Packard One-Twenty touring: 110 hp. Moscow transport museum
The Packard Twelfth Series One-Twenty is an automobile produced by the Packard Motor Car Company of Detroit, Michigan, from 1935 to 1937 and from 1939 through the 1941 model years. The One-Twenty model designation was derived from the wheelbase, and it was replaced by the Packard 200.
The One-Twenty signified the first time that Packard had entered into the highly competitive mid-priced eight-cylinder car market. Packard enthusiasts view the production of the One-Twenty and the Six/One-Ten models as the start of Packard’s losing its hold on the market as the premier American luxury automotive brand. It was a marketing strategy shared with GM’s LaSalle, the Chrysler Airstream, and the Lincoln-Zephyr. It was introduced after Rolls-Royce brought to market the Rolls-Royce Twenty, which was manufactured between 1922 and 1929 (succeeded by the Rolls-Royce 20/25 which was built until 1936).

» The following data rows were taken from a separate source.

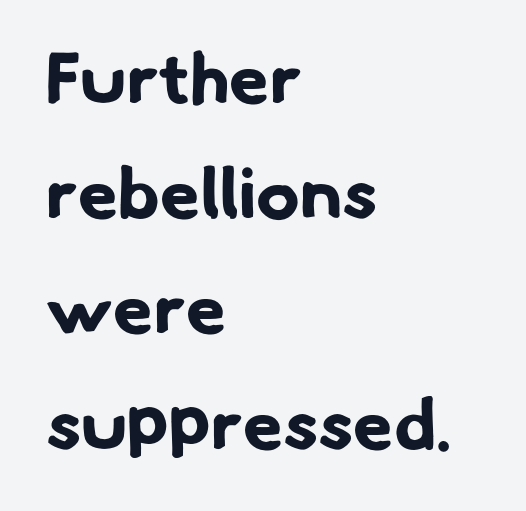
Q: Is the text bold? A: Yes.
Q: Is the typeface a serif or a sans-serif typeface? A: Sans-serif.
Q: Is the text underlined? A: No.
Q: How is the paragraph aligned? A: Left-aligned.
Q: Is the spacing between letters normal or unusually wide? A: Normal.
Q: Is the spacing between lines tight, normal or loose? A: Normal.
Q: Width (condensed, normal, or wide)? A: Normal.
Q: Stroke contrast? A: Low.
Q: x-height? A: Small.
Q: Monospaced? A: No.

The introduction of the One-Twenty (and later the Six/One-Ten models) was a necessary move to keep Packard in business during the final years of the Great Depression, expanding on an earlier approach with the Packard Light Eight. Branding the One-Twenty a Packard afforded buyers the cachet of owning a Packard. Other reasons the company decided to forgo the development of a companion brand name to sell the less expensive models may have been linked to its single production line capability at its Grand Boulevard manufacturing plant or to the expense of launching a new brand of automobile. It also ushered in a novel advertising approach, commissioning an advertising “jingle” called “When Heaven Was at the Corner of Sycamore and Main”.